§ Task item:
Check the data underneath for lines holding the word "Question", and state only how many you find.

§ The data:
☆ ☆ ☆ ☆ ☆

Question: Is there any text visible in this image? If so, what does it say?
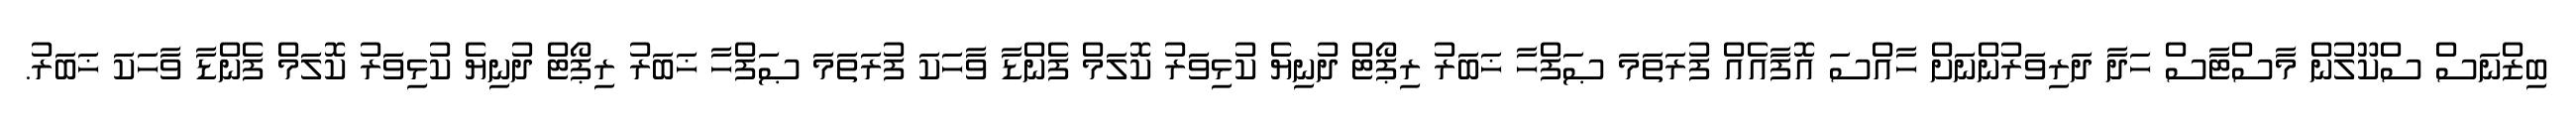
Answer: ބިޒްނަސް ސްކޫލުން މާސްޓާސް ހަދާ ދަރިވަރުންނަށް ހާއްސަ އޮފާއެއް ފުރަތަމަ ޞަފްހާ ޚަބަރު ރިޕޯޓް ދުނިޔެ ކުޅިވަރު ކޮލަމް ފެންޑާ ވާހަކަ ފުރަތަމަ ޞަފްހާ ޚަބަރު ރިޕޯޓް ދުނިޔެ ކުޅިވަރު ކޮލަމް ފެންޑާ ވާހަކަ ޚަބަރު.
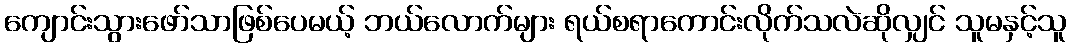
ကျောင်းသွားဖော်သာဖြစ်ပေမယ့် ဘယ်လောက်များ ရယ်စရာကောင်းလိုက်သလဲဆိုလျှင် သူမနှင့်သူ
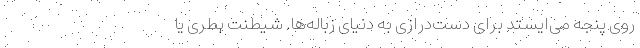
روی پنجه می‌ایستد برای دست‌درازی به دنیای زباله‌ها. شیطنت بطری یا
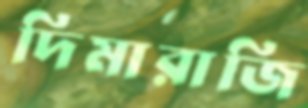
দিমারাজি
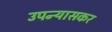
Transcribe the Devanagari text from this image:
उपन्यासकर
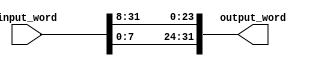
module Rotate #(parameter n = 8) ( input [31:0] input_word,output [31:0] output_word);

 assign output_word = {input_word[n-1:0], input_word[31:n]};


endmodule
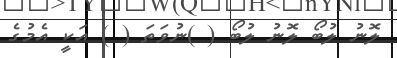
ލޮނު ލުބޯ ލޮނު ލުބޯ ( )ނުވަތަ ( ) އަކީ އެމުގެ
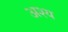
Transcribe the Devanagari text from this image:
अश्य
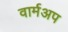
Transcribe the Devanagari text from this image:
वार्मअप
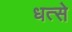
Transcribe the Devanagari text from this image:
धत्से
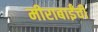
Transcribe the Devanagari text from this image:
मीराबाईंची
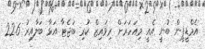
އެމްޑީޕީން ބުނީ އެއީ މިއަހަރަށް ރިވައިޒް ކުރި ބަޖެޓާ އަޅާ ބަލާއިރު 22.6
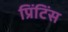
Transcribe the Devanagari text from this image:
प्रिंटिंस
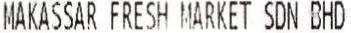
MAKASSAR FRESH MARKET SDN BHD
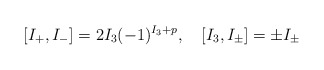
\begin{align*}[I_+,I_-]=2I_3(-1)^{I_3+p},\quad[I_3,I_\pm]=\pm I_\pm\end{align*}
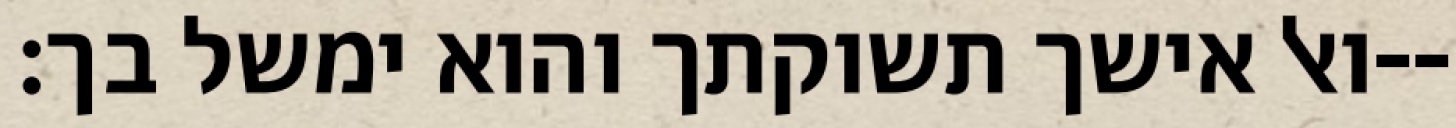
ואל אישך תשוקתך והוא ימשל בך׃--
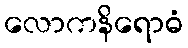
လောကနိရောဓံ
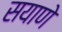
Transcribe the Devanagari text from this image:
सयाणे
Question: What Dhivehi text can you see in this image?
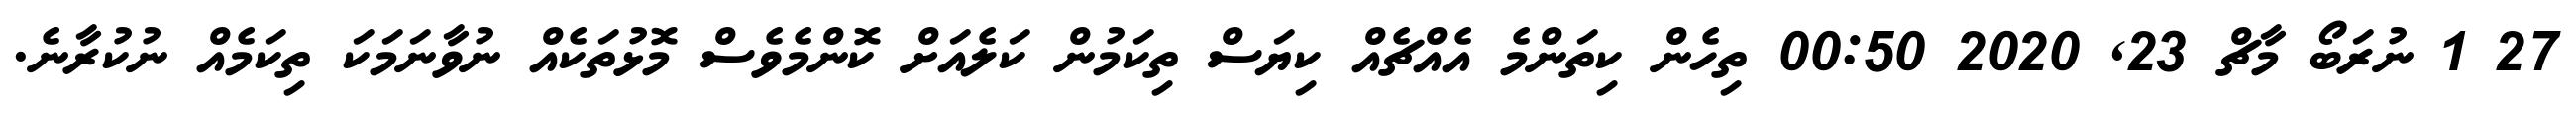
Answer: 27 1 ނުރަބޯ މާޗް 23, 2020 00:50 ތިހެން ކިތަންމެ އެއްޗެއް ކިޔަސް ތިކަމުން ކަލެއަށް ކޮންމެވެސް މޮޅުތަކެއް ނުވާނަމަކަ ތިކަމެއް ނުކުރާނެ.
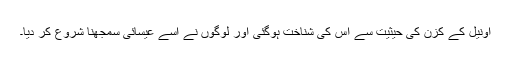
اونیل کے کزن کی حیثیت سے اس کی شناخت ہوگئی اور لوگوں نے اسے عیسائی سمجھنا شروع کر دیا۔
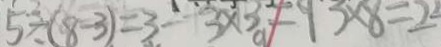
5 \div ( 8 - 3 ) = 3 3 \times 3 = 9 3 \times 8 = 2 4
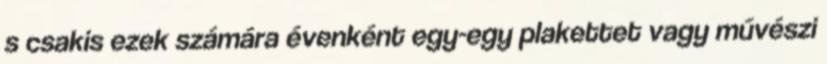
s csakis ezek számára évenként egy-egy plakettet vagy művészi
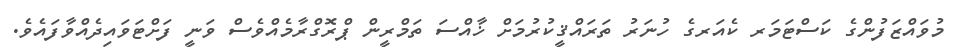
މުވައްޒަފުންގެ ކަސްޓަމަރ ކެއަރގެ ހުނަރު ތަރައްޤީކުރުމަށް ޚާއްސަ ތަމްރީން ޕްރޮގްރާމެއްވެސް ވަނީ ފަށްޓަވައިދެއްވާފައެވެ.
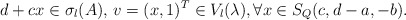
\begin{align*}d+cx\in \sigma_l(A),\,v=(x,1)^T\in V_l(\lambda),\forall x\in S_Q(c,d-a,-b).\end{align*}
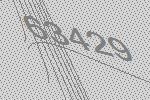
63429
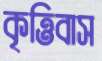
কৃত্তিবাস
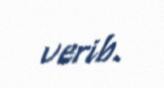
verib.
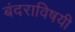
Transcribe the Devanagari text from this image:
बंदराविषयी
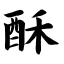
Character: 酥
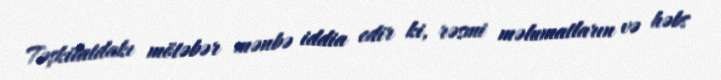
Təşkilatdakı mötəbər mənbə iddia edir ki, rəsmi məlumatların və həbs
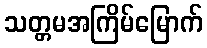
သတ္တမအကြိမ်မြောက်
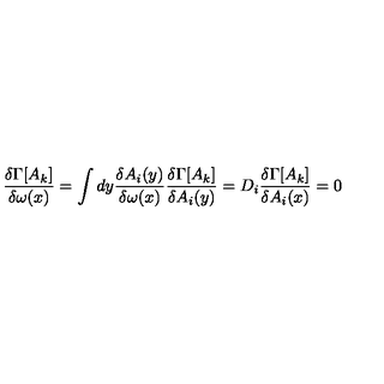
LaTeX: \frac { \delta \Gamma [ A _ { k } ] } { \delta \omega ( x ) } = \int d y \frac { \delta A _ { i } ( y ) } { \delta \omega ( x ) } \frac { \delta \Gamma [ A _ { k } ] } { \delta A _ { i } ( y ) } = D _ { i } \frac { \delta \Gamma [ A _ { k } ] } { \delta A _ { i } ( x ) } = 0
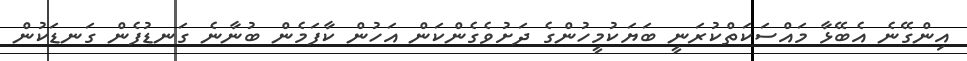
އިންގޭނެ އެބޭޅާ މައްސަކަތްކުރަނީ ބަޔަކުމީހުންގެ ދަށުވެގެންކަން އަހުން ކާފަމެން ބުނާނެ ގަނޑުފެން ގަނޑަކުން
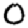
Digit: 0
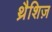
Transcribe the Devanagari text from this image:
थ्रैशिज़
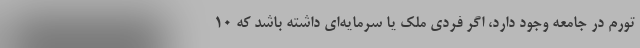
تورم در جامعه وجود دارد، اگر فردی ملک یا سرمایه‌ای داشته باشد که ۱۰
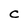
Character: C
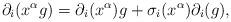
LaTeX: \begin{align*}\partial_i(x^\alpha g)=\partial_i(x^\alpha)g+\sigma_i(x^{\alpha})\partial_i(g),\end{align*}
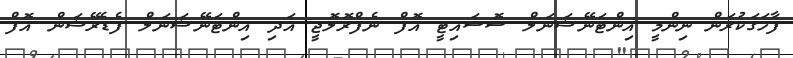
ފާހަގަކުރަން ނިންމީ އިންޓަނޭޝަނަލް ސޮސައިޓީ އޮފް ނެފްރޮލޮޖީ އަދި އިންޓަނޭޝަނަލް ފެޑެރޭޝަން އޮފް
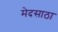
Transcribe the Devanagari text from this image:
मेदसाठा
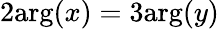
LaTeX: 2\mathrm{arg}(x)=3\mathrm{arg}(y)
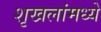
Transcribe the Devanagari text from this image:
शृखलांमध्ये
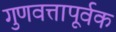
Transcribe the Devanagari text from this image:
गुणवत्तापूर्वक
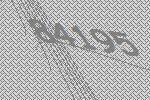
84195
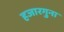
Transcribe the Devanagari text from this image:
हजारगुना
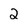
Character: 2
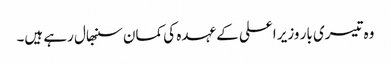
وہ تیسری بار وزیر اعلی کے عہدہ کی کمان سنبھال رہے ہیں۔
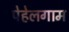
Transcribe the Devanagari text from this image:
पेहेलगाम
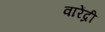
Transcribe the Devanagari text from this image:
वारेंद्री
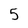
Character: 5
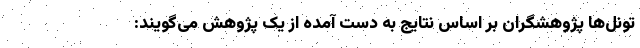
تونل‌ها پژوهشگران بر اساس نتایج به دست آمده از یک پژوهش می‌گویند:
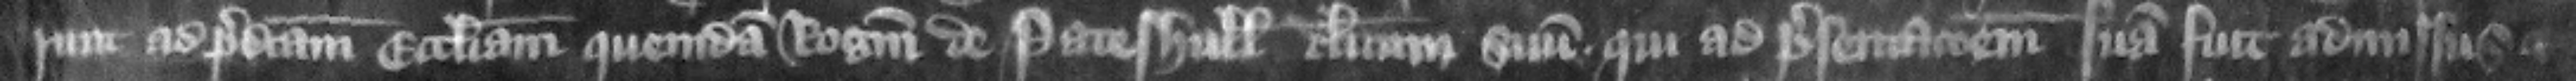
runt ad predictam ecclesiam quemdam Rogerum de Pateshull clericum suum qui ad presentacionem suum fuit admissus et
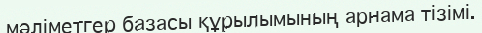
мәліметгер базасы құрылымының арнама тізімі.
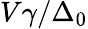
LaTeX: V\gamma/\Delta_{0}

☆ ☆ ☆ ☆ ☆

§ Result for this exercise:
2